— WHAT YOU NEED TO DO —
Every record must come back unchanged, apart from the pictures, which are dropped.

[Saved data entries]
<<<<

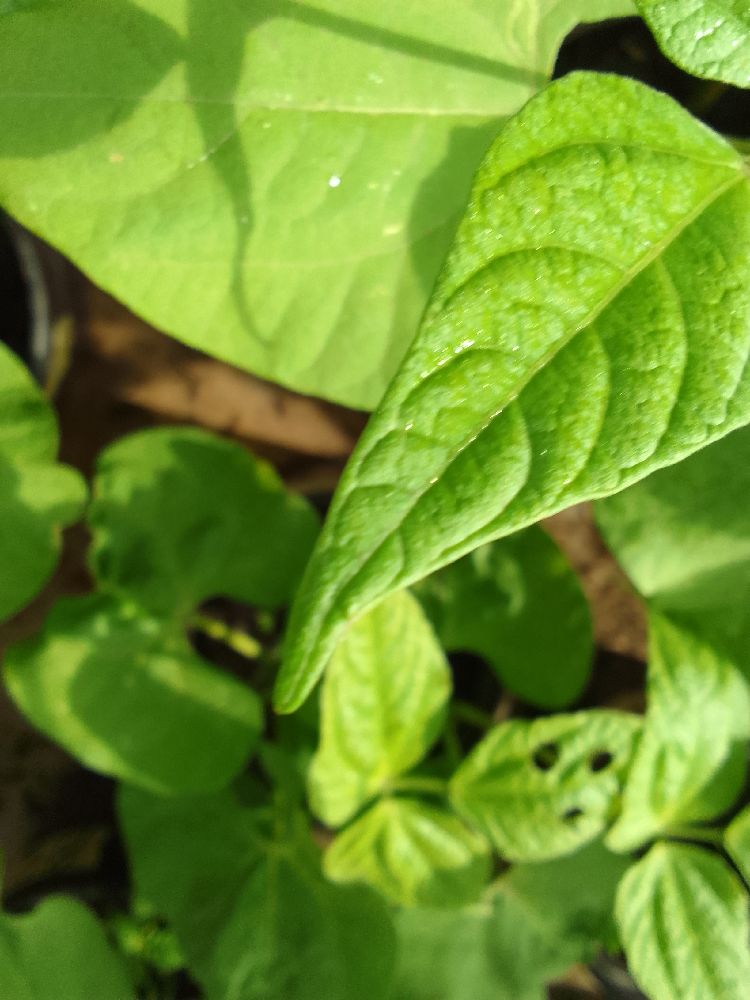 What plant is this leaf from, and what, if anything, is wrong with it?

common bean, healthy
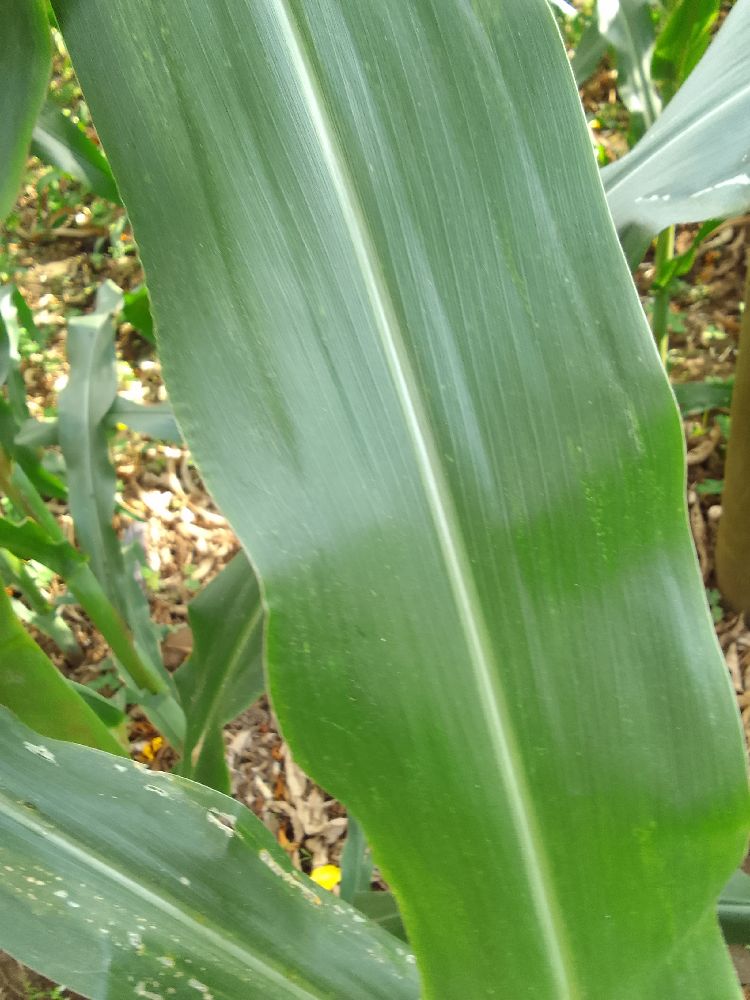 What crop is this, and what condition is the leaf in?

maize, healthy
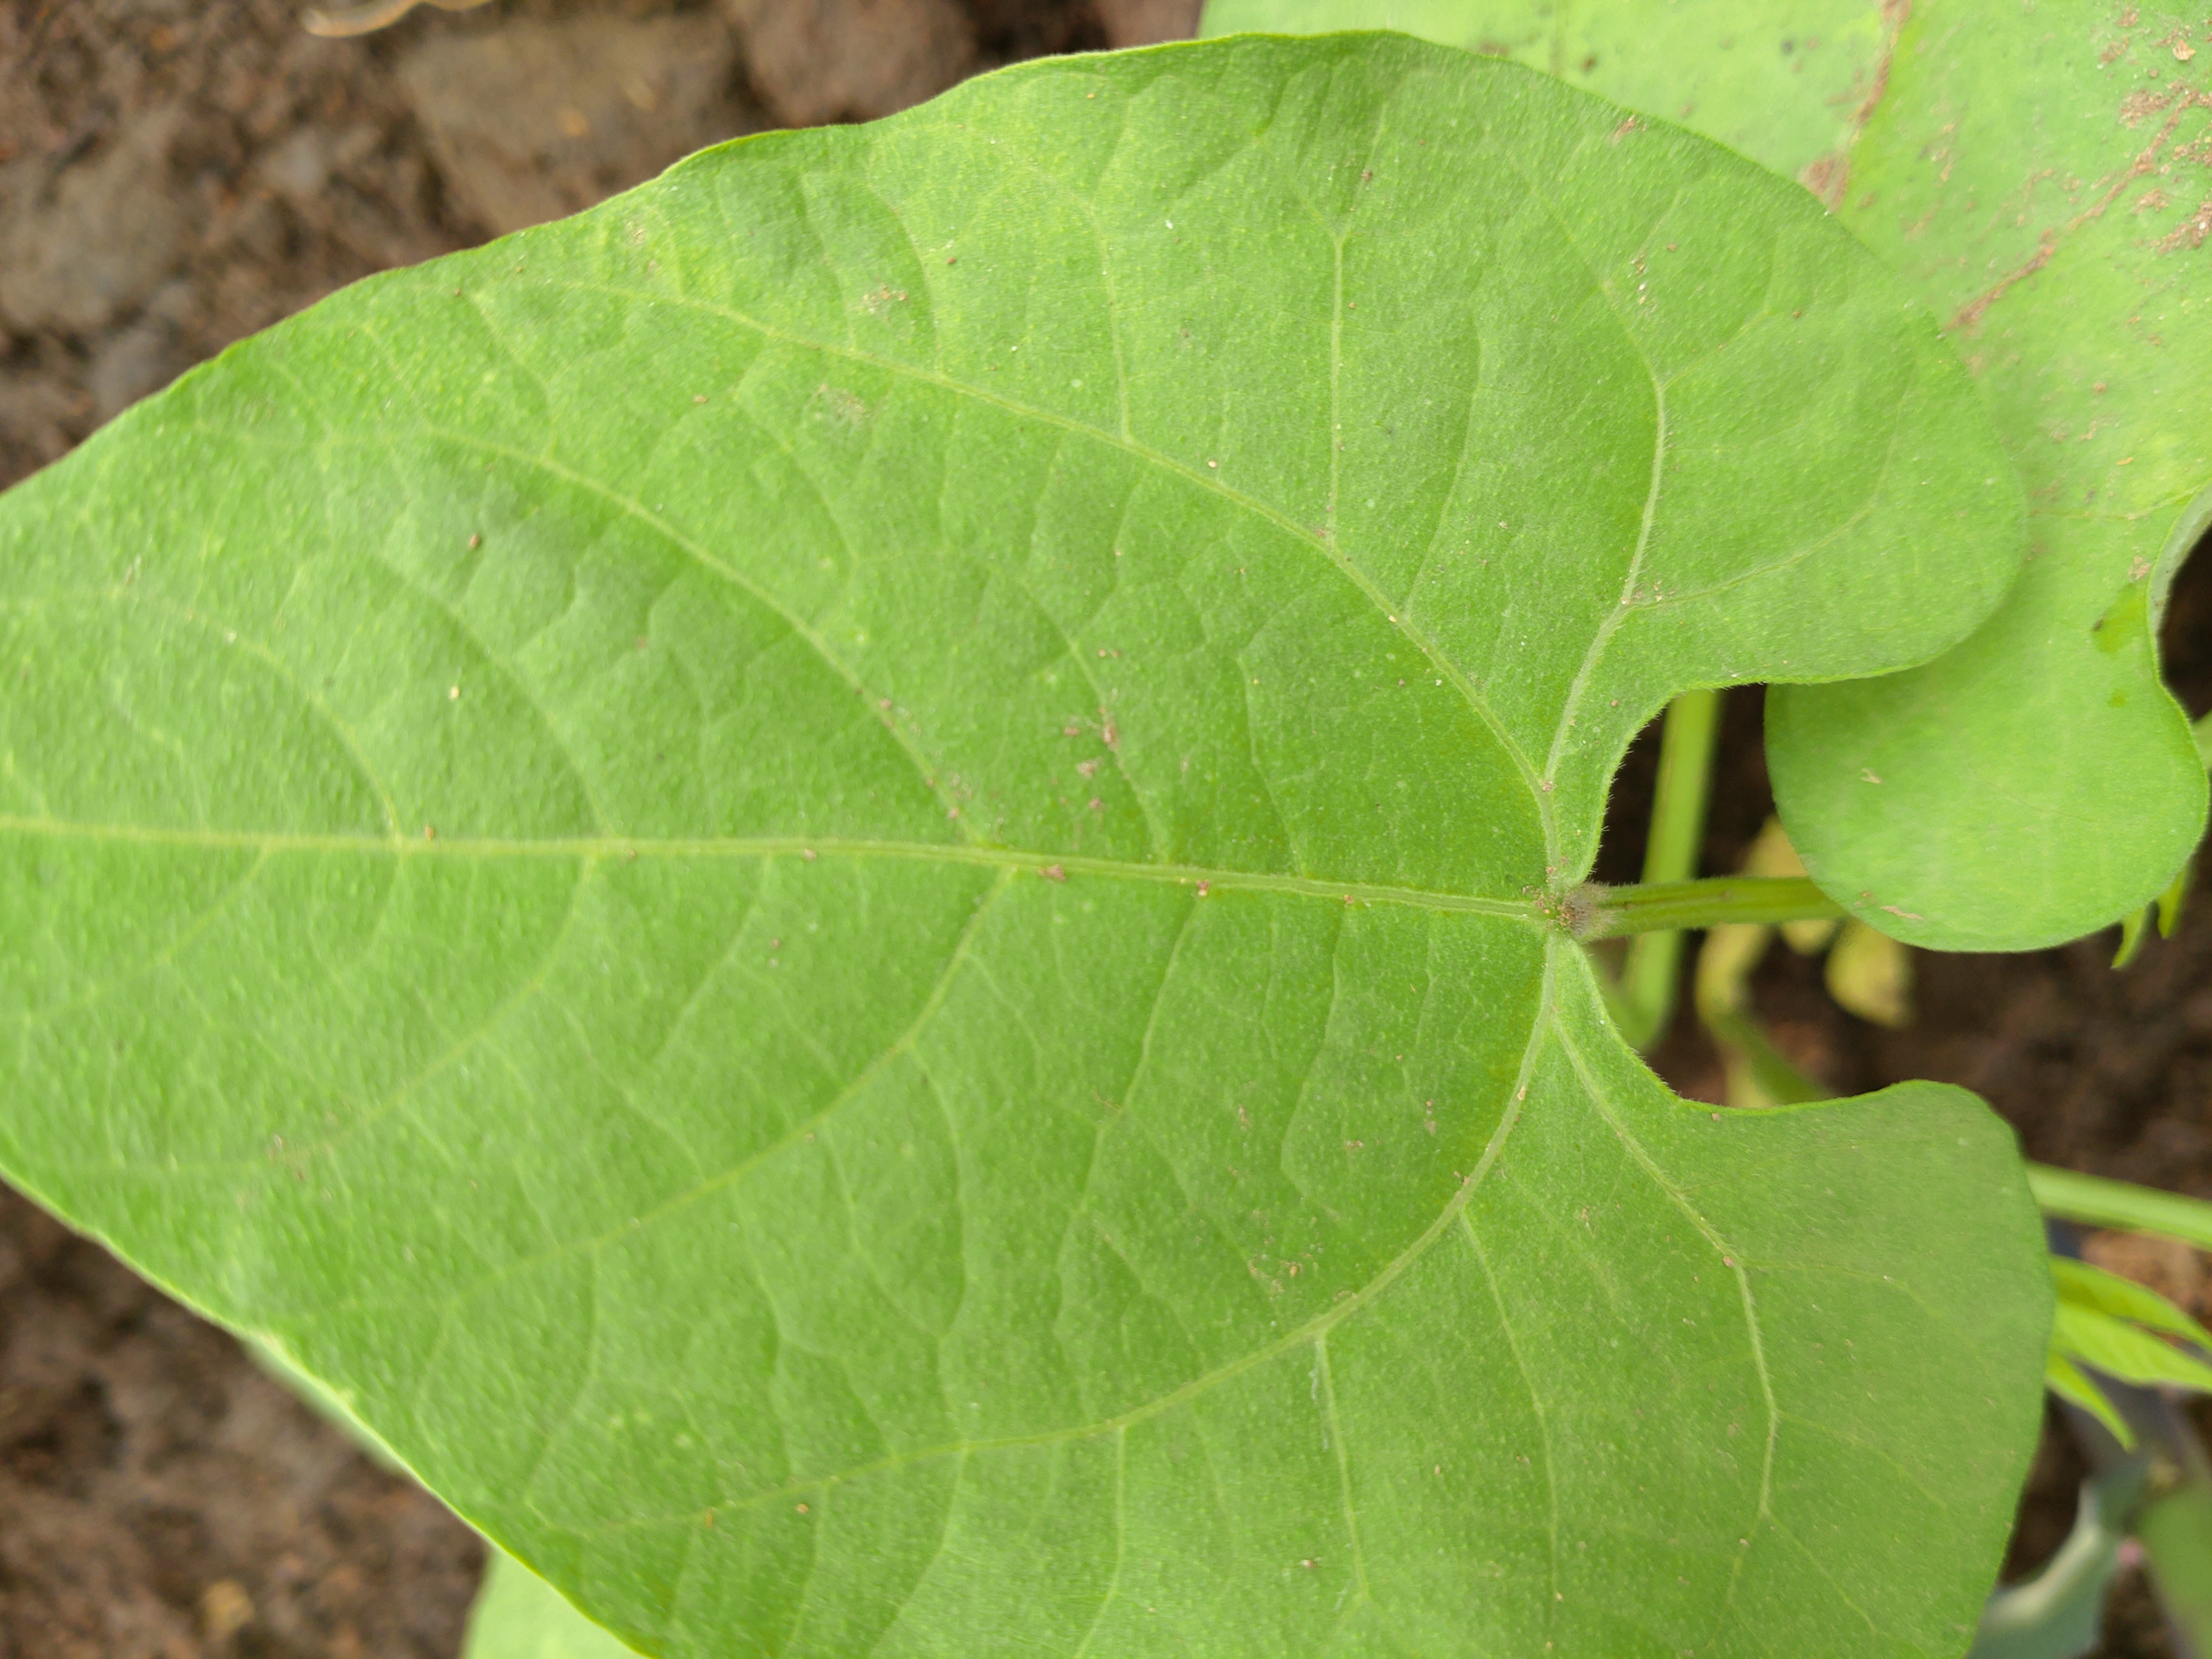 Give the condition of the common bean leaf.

healthy
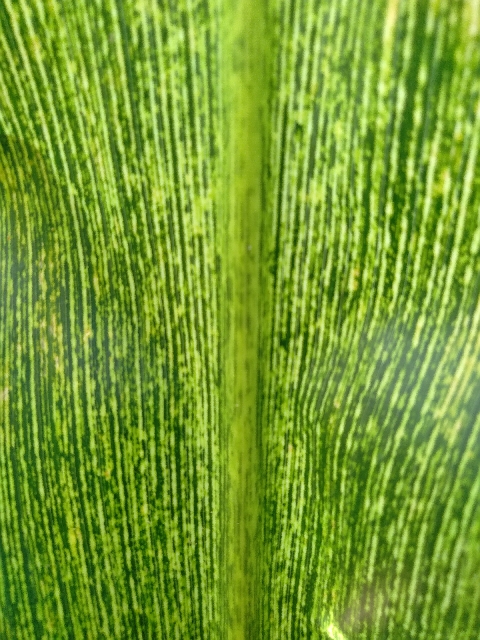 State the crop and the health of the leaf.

maize, maize streak virus
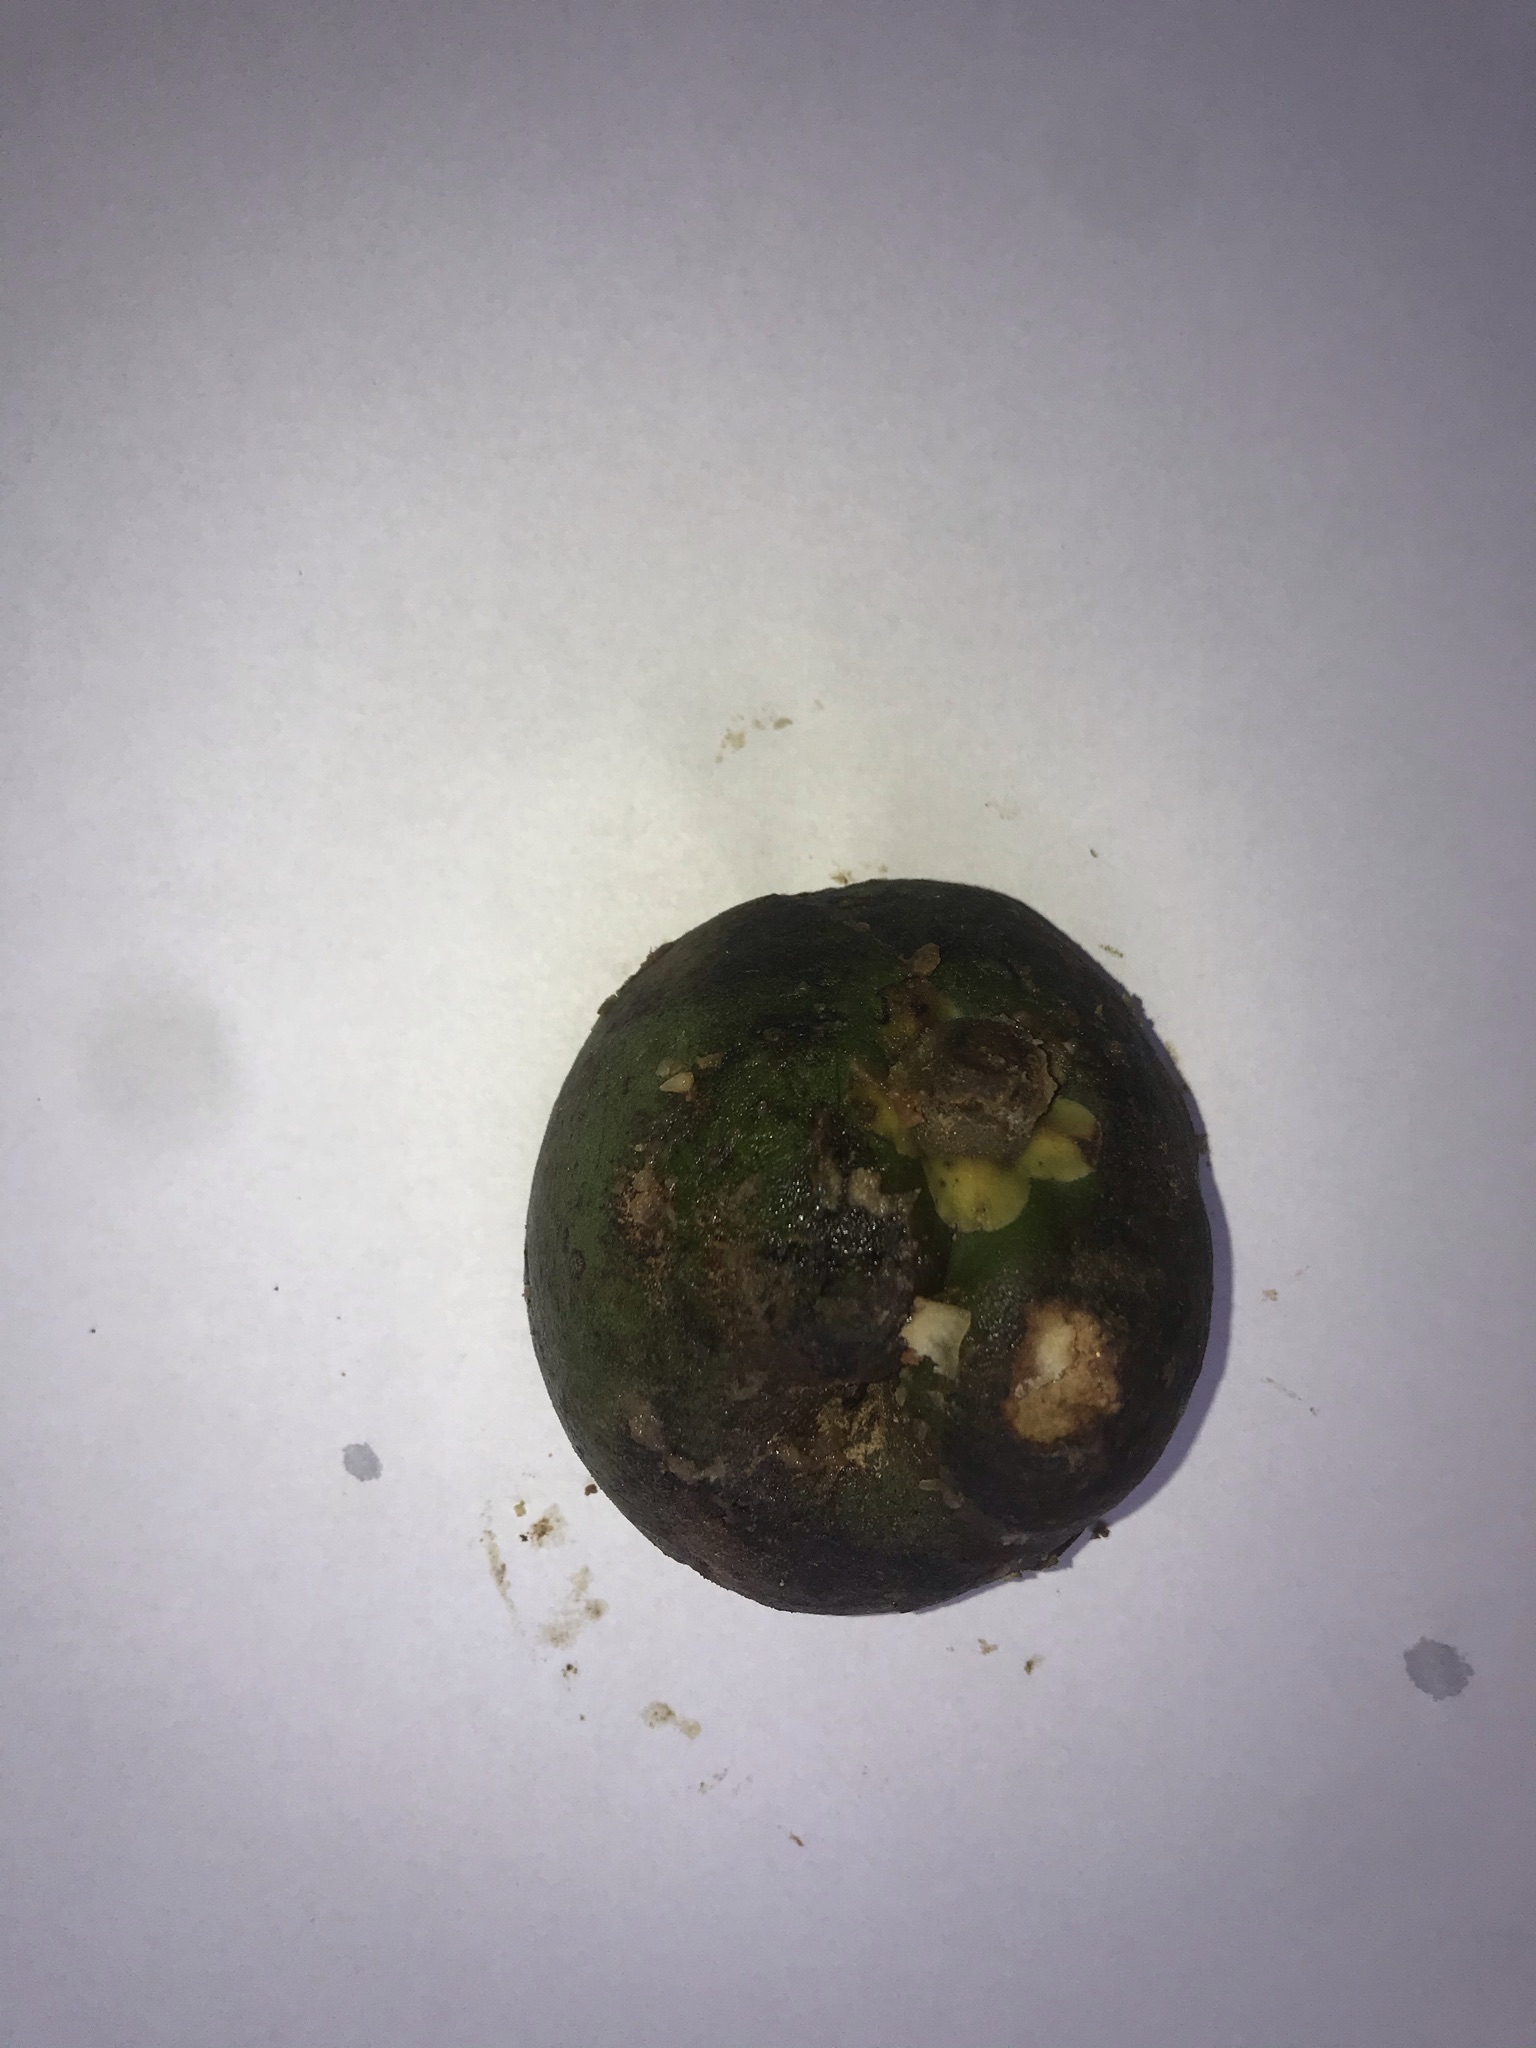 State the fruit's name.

pequi

>>>>

— ANSWER FOR THIS EXERCISE —
 What plant is this leaf from, and what, if anything, is wrong with it?

common bean, healthy
 What crop is this, and what condition is the leaf in?

maize, healthy
 Give the condition of the common bean leaf.

healthy
 State the crop and the health of the leaf.

maize, maize streak virus
 State the fruit's name.

pequi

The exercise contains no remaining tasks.